ACTIVITY: Keep each entry exactly as written when you repeat it, and skip the images.

──────────

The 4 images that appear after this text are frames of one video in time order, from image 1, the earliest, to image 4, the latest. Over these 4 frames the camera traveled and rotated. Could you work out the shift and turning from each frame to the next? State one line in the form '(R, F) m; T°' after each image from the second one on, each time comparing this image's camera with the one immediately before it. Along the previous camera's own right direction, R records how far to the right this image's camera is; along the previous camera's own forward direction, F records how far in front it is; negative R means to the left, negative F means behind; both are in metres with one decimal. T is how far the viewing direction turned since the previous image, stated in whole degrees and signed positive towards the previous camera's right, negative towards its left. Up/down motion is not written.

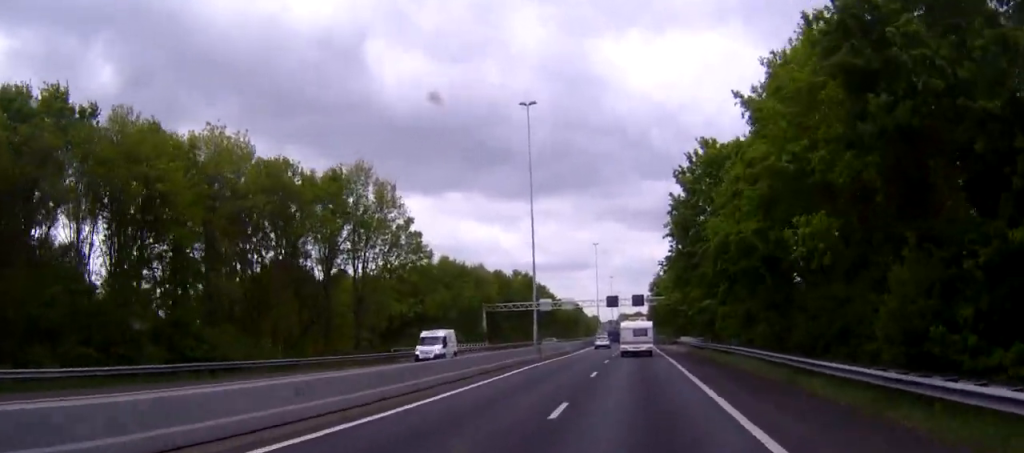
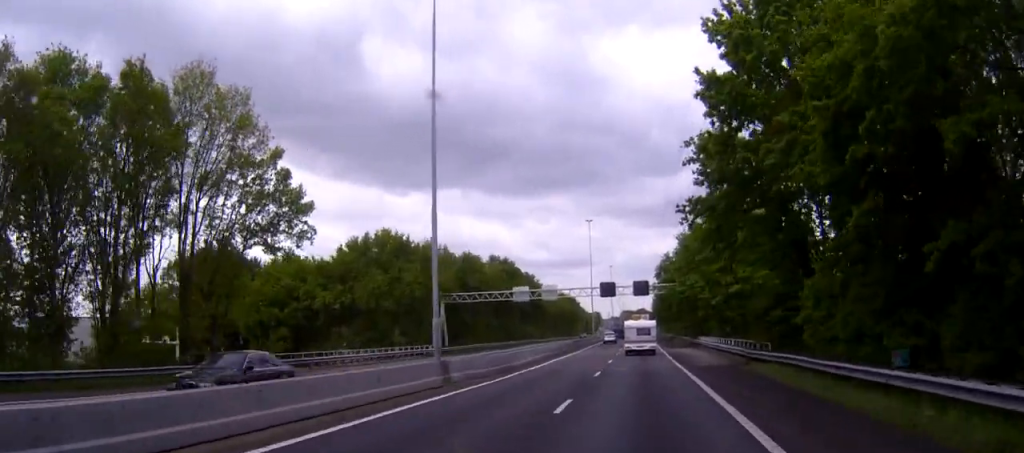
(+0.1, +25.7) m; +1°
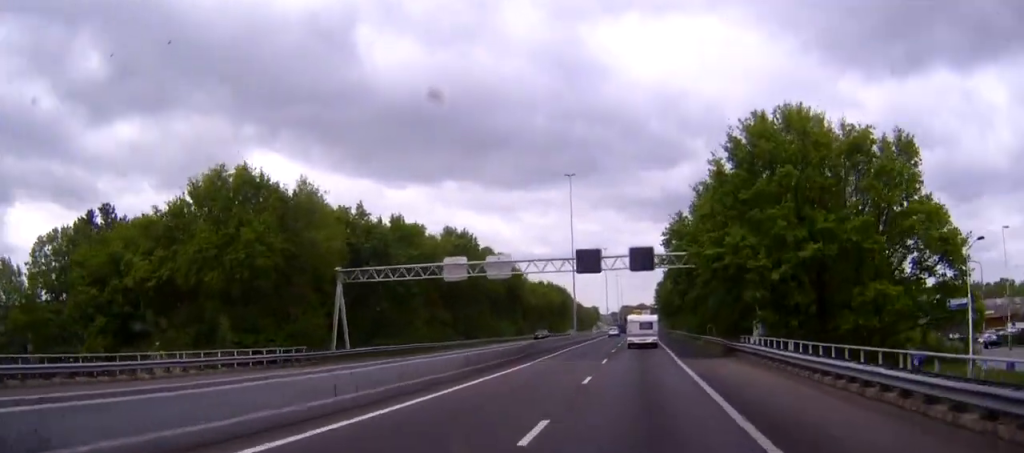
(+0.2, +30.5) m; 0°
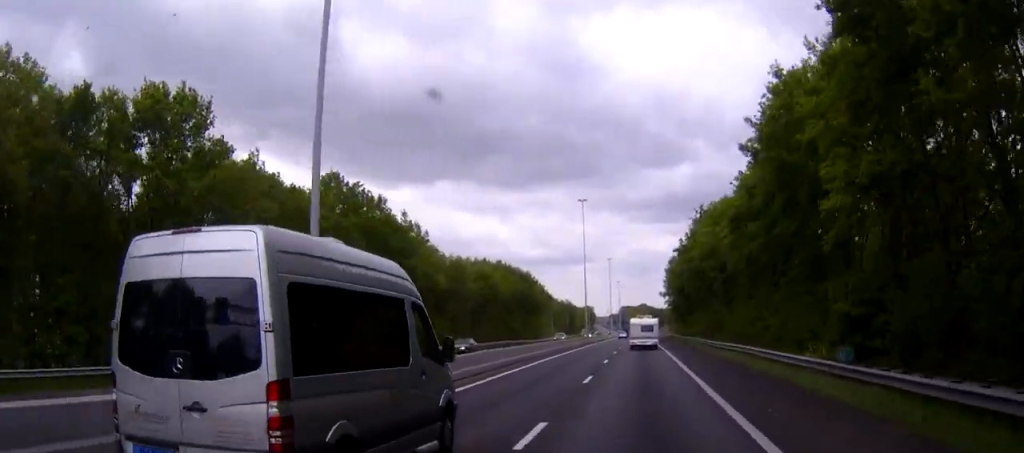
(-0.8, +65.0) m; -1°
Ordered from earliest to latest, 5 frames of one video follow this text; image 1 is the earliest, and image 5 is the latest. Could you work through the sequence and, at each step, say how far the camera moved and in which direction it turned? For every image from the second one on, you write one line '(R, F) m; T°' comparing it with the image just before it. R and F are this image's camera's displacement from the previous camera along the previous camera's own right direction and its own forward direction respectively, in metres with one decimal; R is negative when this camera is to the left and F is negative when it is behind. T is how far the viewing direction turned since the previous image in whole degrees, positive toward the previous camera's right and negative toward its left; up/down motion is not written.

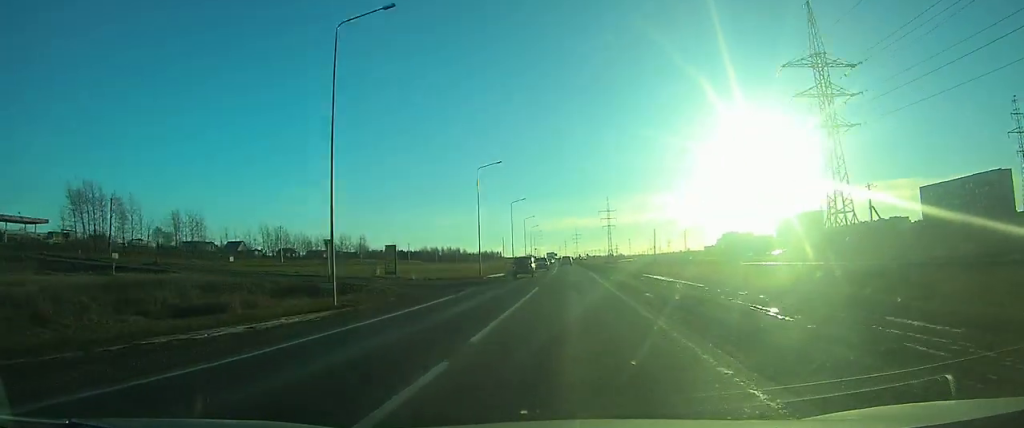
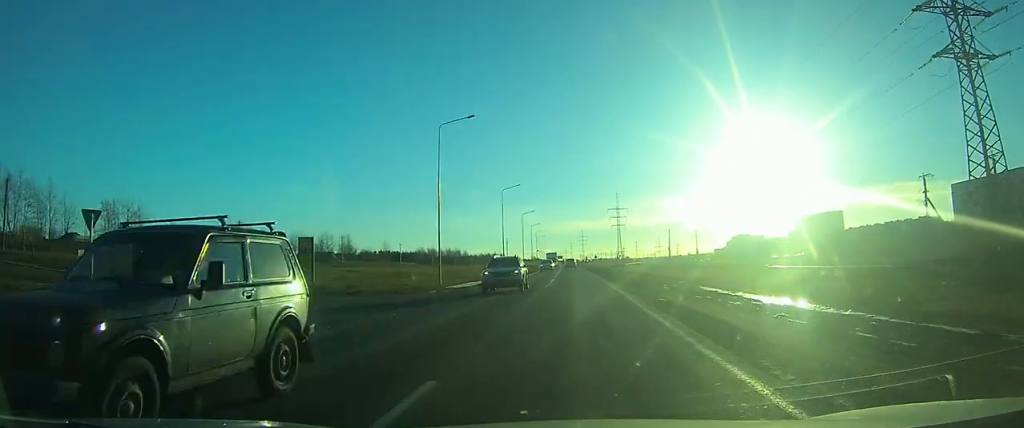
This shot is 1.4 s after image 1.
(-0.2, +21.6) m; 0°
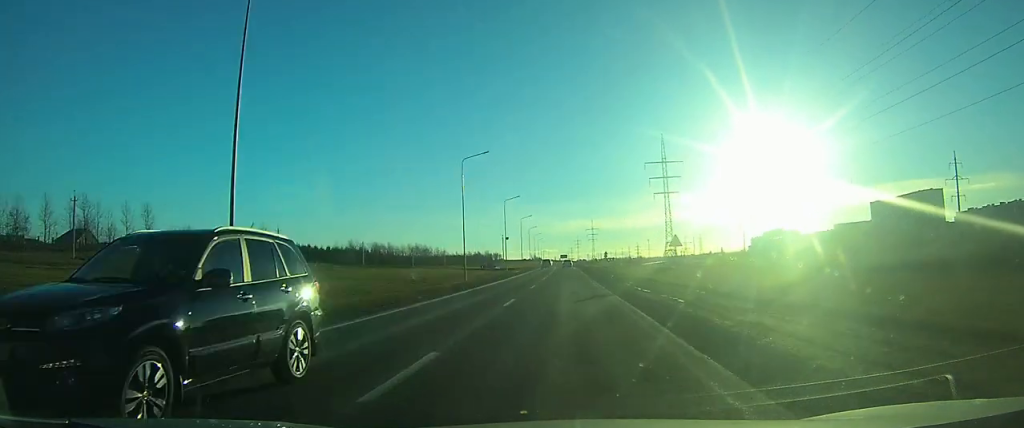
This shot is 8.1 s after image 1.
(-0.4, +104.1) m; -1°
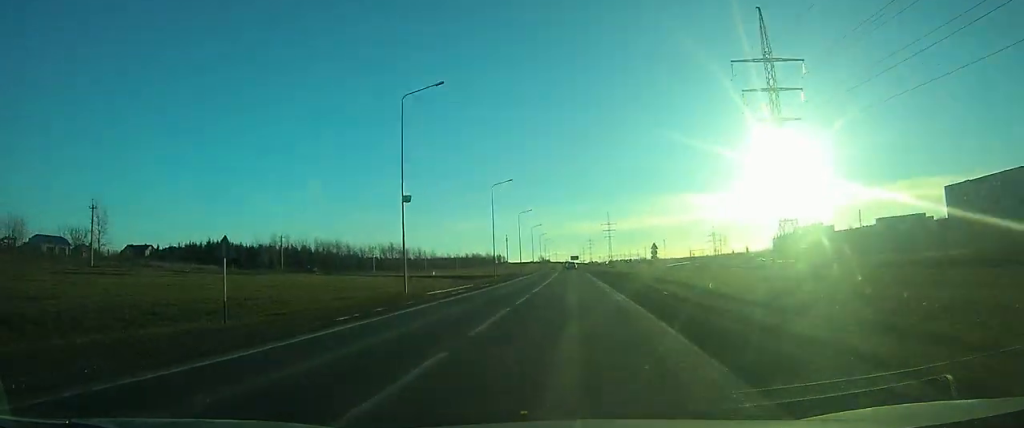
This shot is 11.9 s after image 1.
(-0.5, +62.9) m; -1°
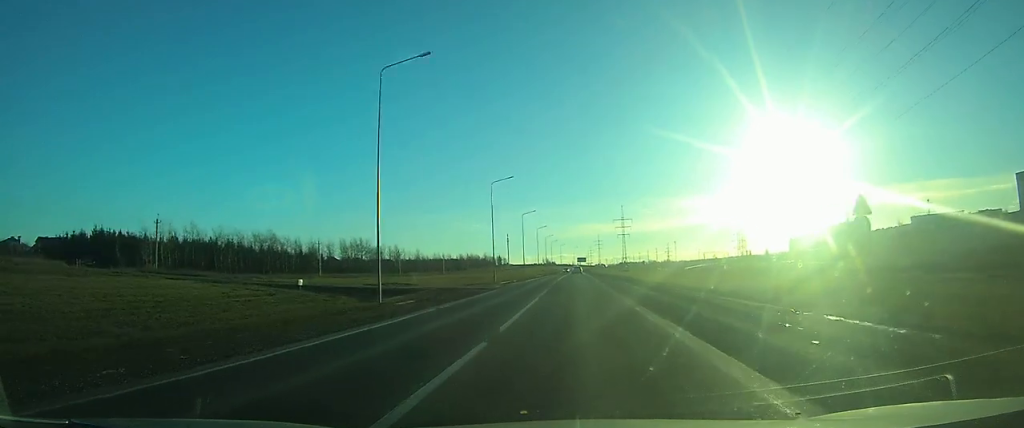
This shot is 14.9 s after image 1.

──────────

OUTPUT OF THE EXERCISE:
The 4 images that appear after this text are frames of one video in time order, from image 1, the earliest, to image 4, the latest. Over these 4 frames the camera traveled and rotated. Could you work out the shift and turning from each frame to the next? State one line in the form '(R, F) m; T°' after each image from the second one on, each time comparing this image's camera with the one immediately before it. Along the previous camera's own right direction, R records how far to the right this image's camera is; along the previous camera's own forward direction, F records how far in front it is; negative R means to the left, negative F means behind; both are in metres with one decimal. T is how far the viewing direction turned since the previous image, stated in whole degrees and signed positive towards the previous camera's right, negative towards its left. Up/down motion is not written.

(+0.1, +25.7) m; +1°
(+0.2, +30.5) m; 0°
(-0.8, +65.0) m; -1°
Ordered from earliest to latest, 5 frames of one video follow this text; image 1 is the earliest, and image 5 is the latest. Could you work through the sequence and, at each step, say how far the camera moved and in which direction it turned? For every image from the second one on, you write one line '(R, F) m; T°' comparing it with the image just before it. R and F are this image's camera's displacement from the previous camera along the previous camera's own right direction and its own forward direction respectively, in metres with one decimal; R is negative when this camera is to the left and F is negative when it is behind. T is how far the viewing direction turned since the previous image in whole degrees, positive toward the previous camera's right and negative toward its left; up/down motion is not written.

This shot is 1.4 s after image 1.
(-0.2, +21.6) m; 0°
This shot is 8.1 s after image 1.
(-0.4, +104.1) m; -1°
This shot is 11.9 s after image 1.
(-0.5, +62.9) m; -1°
This shot is 14.9 s after image 1.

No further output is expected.